With only a one-day window of opportunity to shop and review the new store before the deadline of this article, my visit was rather disappointing. If you mentally divide the store, with about two thirds consisting of a Discount Store and the balance as a supermarket you have, with minor exceptions, a traditional Wal-Mart and an equally traditional supermarket—basically, the same old. The only major difference is the existence of a Nail Salon as well as that of a Subway franchise (that I never even noticed).
Although the exterior landscaping of the store is attractive, from a design, color, and layout standpoint, both the exterior and interior are uninspiring to say the least. The Discount Store section is little different from the 1993 built store it replaced. The Supercenter environment is equally unexciting. Typical of Wal-Mart, the entire store is practically colorless with traditional (cheap looking) fixtures and displays. The focus of the store is the electronics section with a large display of flat screen TV sets. Perhaps, this lackluster design policy helps keep prices low, yet I suspect that the new Target store will take a totally different approach, since that company prides itself in its innovative approach to design.

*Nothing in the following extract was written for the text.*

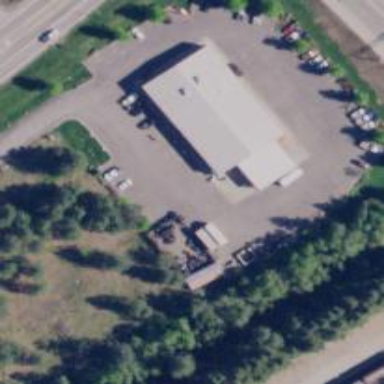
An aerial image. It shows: Retail building housing tyre shop.
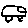
Label: car
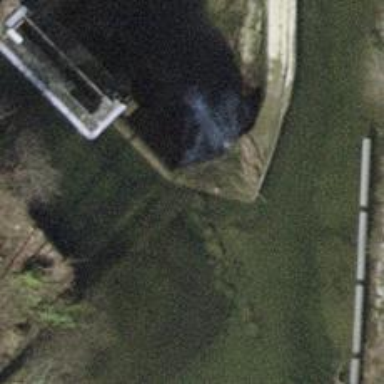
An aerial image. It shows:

I must admit that a walk thru of the grocery section did seem to justify the claim that prices were somewhat lower than, say a Publix. In addition, some sections of Wal-Mart (cheeses and some bakery items) provided a broader assortment than Publix. On the other hand, there was a paucity of prepared foods. While Publix has a good assortment (and very good quality) of early fruit like peaches and nectarines, Wal-Mart had only a few boxes of very hard (probably frozen) peaches.
Wal-Mart prides itself as always providing low prices. Don’t count on it. I brought with me a prescription for a generic drug, one that I had called Costco beforehand for price. The Wal-Mart clerk checked and said that they were out of stock, but the price was about $21. I’ll end up filling that prescription at Costco for $8.42.
What I term the Battle of the Titans between Wal-Mart and Target is probably more similar to the battle between Goliath and David since Wal-mart is so much larger. When Target opens in a few months, the battle will commence, and I’ll report on my observations then. However, I strongly suspect that for Boca Pointers, the winner will be Target.